Question

Figure shows a rectangular pulse and a triangular pulse approaching each other along the x – axis. The pulse speed is $0.5{\text{ }}cm/s$. What is the resultant displacement of medium particle due to superposition of wave at $x{\text{ }} = {\text{ }}0.5{\text{ }}cm$ and $t{\text{ }} = {\text{ }}2{\text{ }}s$.

A. $3.5{\text{ }}cm\:$
B. $2.5{\text{ }}cm\:$
C. $4{\text{ }}cm\:$
D. $3{\text{ }}cm\:$

Answer 1

Hint: We will use the concept of speed and distance travelled. Then, we will also use the concept of similarity of triangles for finding the maximum displacement of the waves. Finally, we will add up the individual maximum displacement and evaluate the resultant displacement and then select the suitable option.

Complete step by step answer:
We are given that the triangular wave moves towards the left with speed of $0.5{\text{ }}cm/s$ and we are asked to find the answer after $2{\text{ }}s$. Thus, the triangular wave moves a distance of
${x_1}{\text{ }} = {\text{ }}vt{\text{ }} = {\text{ }}0.5{\text{ }} \times {\text{ }}2{\text{ }} = {\text{ }}1{\text{ }}cm$ towards left.
Hence, the midline of the triangular will lie on the mark of $1$ on the x – axis.
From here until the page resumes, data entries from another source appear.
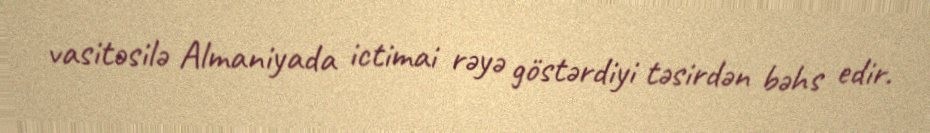
vasitəsilə Almaniyada ictimai rəyə göstərdiyi təsirdən bəhs edir.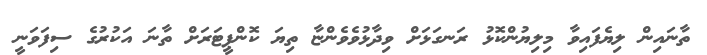
ތާނައިން ލިޔެފައިވާ މިލިޔުންކޮޅު ރަނގަޅަށް ވިދާޅުވެވެންޏާ ތިޔަ ކޮންޕީޓަރަށް ތާނަ އަކުރުގެ ސިފަވަނީ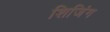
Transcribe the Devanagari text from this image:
शिजिंग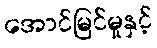
အောင်မြင်မှုနှင့်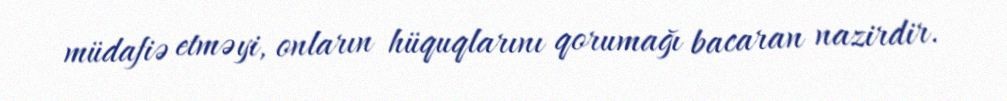
müdafiə etməyi, onların hüquqlarını qorumağı bacaran nazirdir.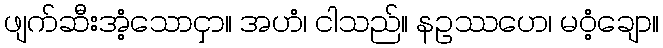
ဖျက်ဆီးအံ့သောငှာ။ အဟံ၊ ငါသည်။ နဥဿဟေ၊ မဝံ့ချော။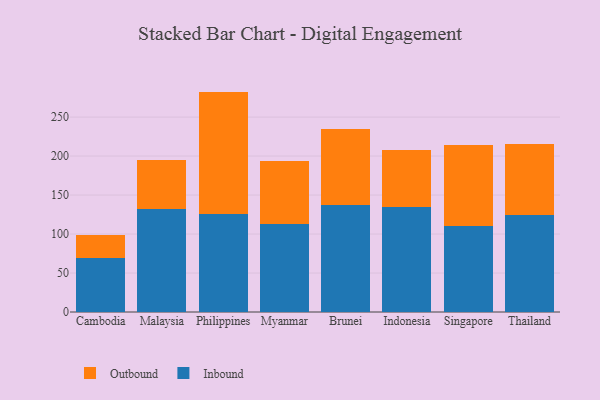
{"axis": {"x": "Country", "y": "Waste Production (Tons)"}, "legend": ["Inbound", "Outbound"], "data": [{"x": "Cambodia", "y": 69.1, "type": "Inbound"}, {"x": "Cambodia", "y": 30.1, "type": "Outbound"}, {"x": "Malaysia", "y": 132.0, "type": "Inbound"}, {"x": "Malaysia", "y": 63.5, "type": "Outbound"}, {"x": "Philippines", "y": 125.2, "type": "Inbound"}, {"x": "Philippines", "y": 157.5, "type": "Outbound"}, {"x": "Myanmar", "y": 113.4, "type": "Inbound"}, {"x": "Myanmar", "y": 80.1, "type": "Outbound"}, {"x": "Brunei", "y": 137.0, "type": "Inbound"}, {"x": "Brunei", "y": 98.2, "type": "Outbound"}, {"x": "Indonesia", "y": 134.9, "type": "Inbound"}, {"x": "Indonesia", "y": 72.9, "type": "Outbound"}, {"x": "Singapore", "y": 110.5, "type": "Inbound"}, {"x": "Singapore", "y": 103.4, "type": "Outbound"}, {"x": "Thailand", "y": 124.8, "type": "Inbound"}, {"x": "Thailand", "y": 90.6, "type": "Outbound"}]}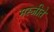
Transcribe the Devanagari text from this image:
मस्जीते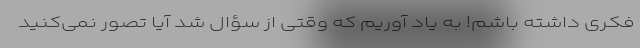
فکری داشته باشم! به یاد آوریم که وقتی از سؤال شد آیا تصور نمی‌کنید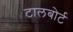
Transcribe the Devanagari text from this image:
टालबोर्ट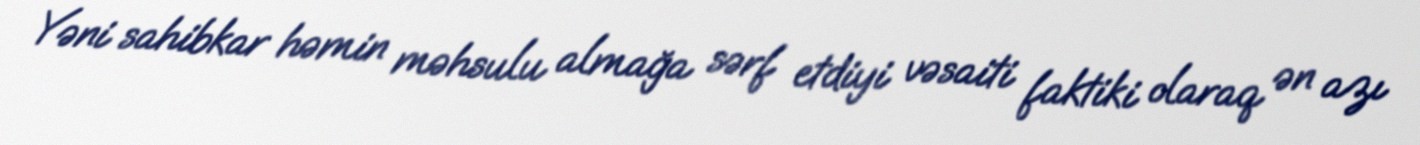
Yəni sahibkar həmin məhsulu almağa sərf etdiyi vəsaiti faktiki olaraq ən azı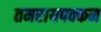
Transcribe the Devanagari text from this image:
तमरायपक्कम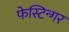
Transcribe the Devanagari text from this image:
फेस्टिन्गर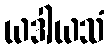
ယဒါယသံ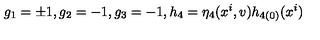
g _ { 1 } = \pm 1 , g _ { 2 } = - 1 , g _ { 3 } = - 1 , h _ { 4 } = \eta _ { 4 } ( x ^ { i } , v ) h _ { 4 ( 0 ) } ( x ^ { i } )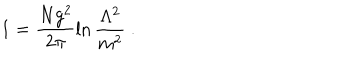
LaTeX: 1 = \frac { N g ^ { 2 } } { 2 \pi } \ln \frac { \Lambda ^ { 2 } } { m ^ { 2 } } \ .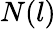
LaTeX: N(l)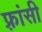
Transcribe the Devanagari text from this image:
फ़्रांसी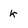
Character: k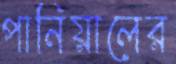
পানিয়ালের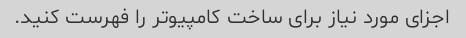
اجزای مورد نیاز برای ساخت کامپیوتر را فهرست کنید.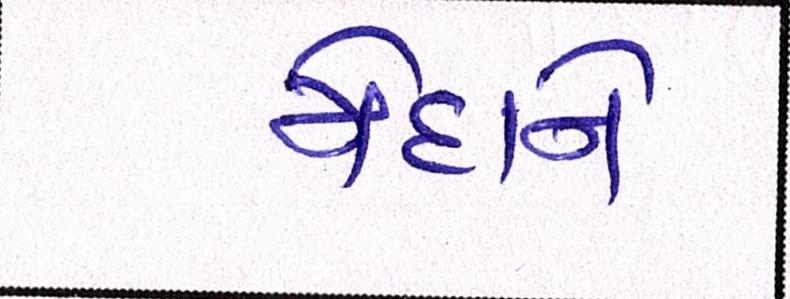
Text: મેદાને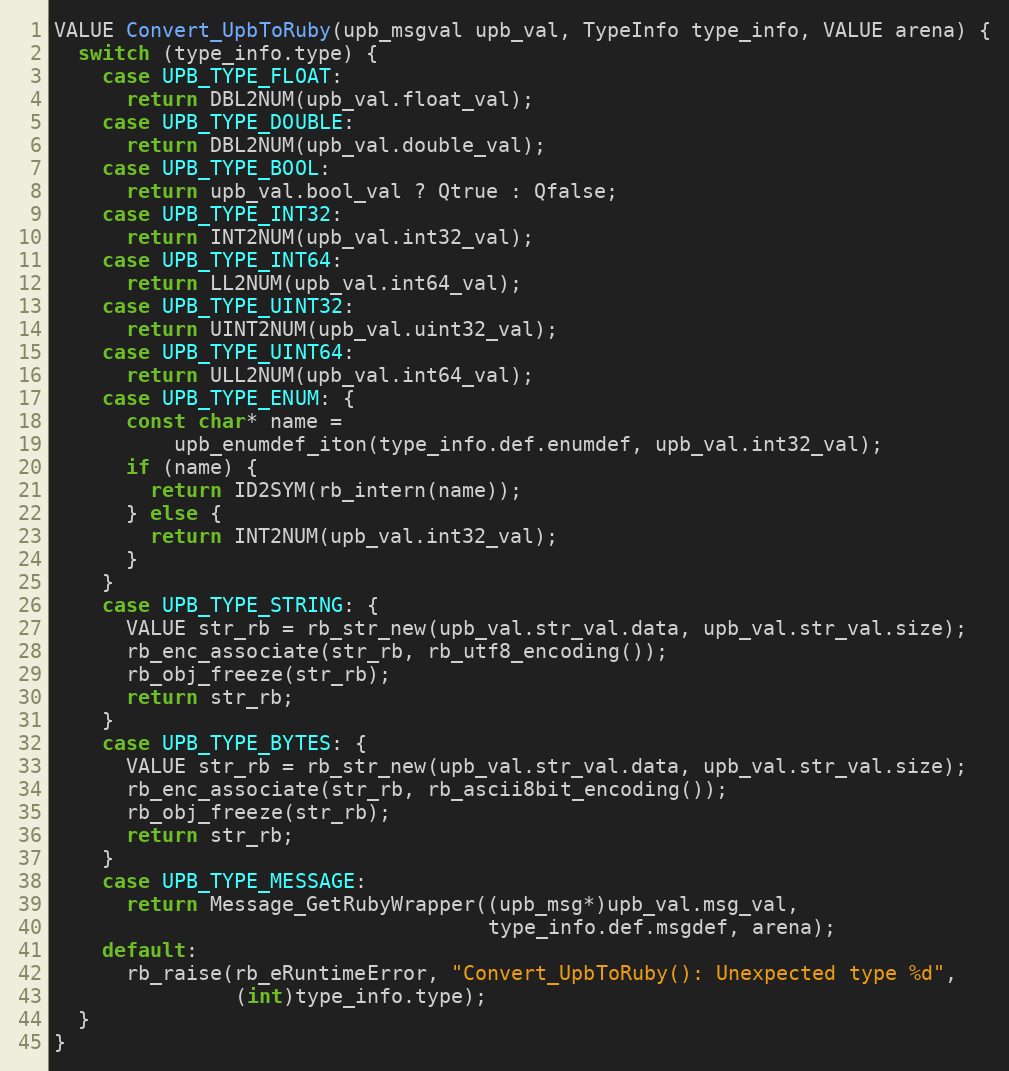
Language: C
VALUE Convert_UpbToRuby(upb_msgval upb_val, TypeInfo type_info, VALUE arena) {
  switch (type_info.type) {
    case UPB_TYPE_FLOAT:
      return DBL2NUM(upb_val.float_val);
    case UPB_TYPE_DOUBLE:
      return DBL2NUM(upb_val.double_val);
    case UPB_TYPE_BOOL:
      return upb_val.bool_val ? Qtrue : Qfalse;
    case UPB_TYPE_INT32:
      return INT2NUM(upb_val.int32_val);
    case UPB_TYPE_INT64:
      return LL2NUM(upb_val.int64_val);
    case UPB_TYPE_UINT32:
      return UINT2NUM(upb_val.uint32_val);
    case UPB_TYPE_UINT64:
      return ULL2NUM(upb_val.int64_val);
    case UPB_TYPE_ENUM: {
      const char* name =
          upb_enumdef_iton(type_info.def.enumdef, upb_val.int32_val);
      if (name) {
        return ID2SYM(rb_intern(name));
      } else {
        return INT2NUM(upb_val.int32_val);
      }
    }
    case UPB_TYPE_STRING: {
      VALUE str_rb = rb_str_new(upb_val.str_val.data, upb_val.str_val.size);
      rb_enc_associate(str_rb, rb_utf8_encoding());
      rb_obj_freeze(str_rb);
      return str_rb;
    }
    case UPB_TYPE_BYTES: {
      VALUE str_rb = rb_str_new(upb_val.str_val.data, upb_val.str_val.size);
      rb_enc_associate(str_rb, rb_ascii8bit_encoding());
      rb_obj_freeze(str_rb);
      return str_rb;
    }
    case UPB_TYPE_MESSAGE:
      return Message_GetRubyWrapper((upb_msg*)upb_val.msg_val,
                                    type_info.def.msgdef, arena);
    default:
      rb_raise(rb_eRuntimeError, "Convert_UpbToRuby(): Unexpected type %d",
               (int)type_info.type);
  }
}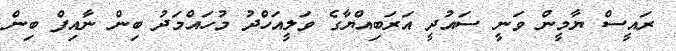
ރައީސް ޔާމީން ވަނީ ސައުދީ އަރަބިއްޔާގެ ވަލީއަހްދު މުހައްމަދު ބިން ނާއިފް ބިން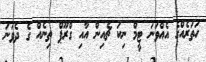
ހަތަރެއްގެ އެއްވަނަ ޓީމް ނިކަ ޗެއިން އާއި ގްރޫޕް ތިނެއް ގެ ދެވަނަ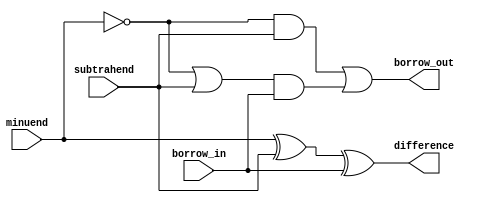
module full_subtractor (
    input minuend,
    input subtrahend,
    input borrow_in,
    output difference,
    output borrow_out
);

assign difference = minuend ^ subtrahend ^ borrow_in;
assign borrow_out = (~minuend & subtrahend) | ((~minuend | subtrahend) & borrow_in);

endmodule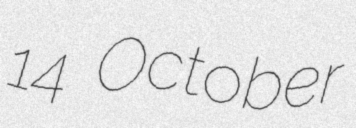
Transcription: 14 October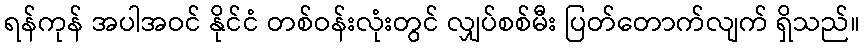
ရန်ကုန် အပါအဝင် နိုင်ငံ တစ်ဝန်းလုံးတွင် လျှပ်စစ်မီး ပြတ်တောက်လျက် ရှိသည်။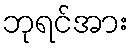
ဘုရင်အား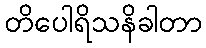
တိပေါရိသနိခါတာ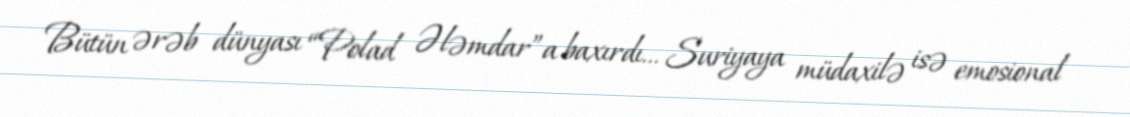
Bütün ərəb dünyası “Polad Ələmdar”a baxırdı... Suriyaya müdaxilə isə emosional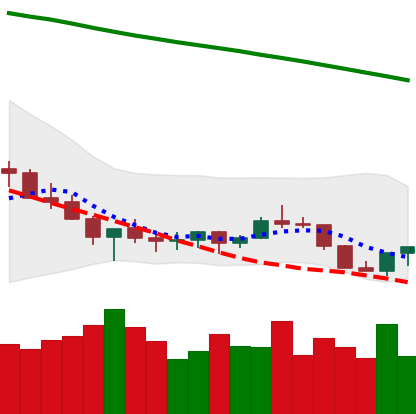
Ticker: XLM-USD
Chart end date: 2022-07-14
Forward return: 10.905%
Label: up_7plus

Now, the displacement in the y – axis will be
${y_1}{\text{ }} = {\text{ }}2{\text{ }}cm$
Now, similarly the rectangular wave will also move $1{\text{ }}cm$ towards the right.
Thus, the extreme left line of the rectangular wave will coincide with the mark of $ - 1{\text{ }}cm$ on the x – axis.Now, we will draw a line from the $0.5{\text{ }}cm$ mark on the x – axis parallel to the midline of the triangular pulse. The length of this line will signify the maximum displacement of the rectangular pulse.

Now, we will use the concept of similarity of triangles. Here, in the diagram clearly,
$\Delta ABC{\text{ }} \sim {\text{ }}\Delta AED$
Thus, by idea of corresponding parts of similar triangles, we can write
$\dfrac{{BC}}{{ED}}{\text{ }} = {\text{ }}\dfrac{{AB}}{{AE}}$

Now, $ED$ is the maximum displacement of the rectangular pulse.Now, the values of the other parameters are
$BC{\text{ }} = {\text{ }}2{\text{ }}cm$
$\Rightarrow AB{\text{ }} = {\text{ }}1{\text{ }}cm$
$\Rightarrow AE{\text{ }} = {\text{ }}0.5{\text{ }}cm$
Putting in these values, we get
$\dfrac{2}{{ED}}{\text{ }} = {\text{ }}\dfrac{1}{{0.5}}$
Further, we get
\[ED{\text{ }} = {\text{ }}1{\text{ }}cm\]
Thus,
\[{y_2}{\text{ }} = {\text{ }}1{\text{ }}cm\]
Hence, the resultant displacement is
$y{\text{ }} = {\text{ }}{y_1}{\text{ }} + {\text{ }}{y_2}$
Substituting the values, we get
$\therefore y{\text{ }} = {\text{ }}2{\text{ }} + {\text{ }}1{\text{ }} = {\text{ }}3{\text{ }}cm$

Hence, the correct answer is D.

Note: Students should be careful while selecting the triangles for similarity comparison as selecting the wrong triangles will lead them to wrong answers. Students should be very much careful while substituting the values.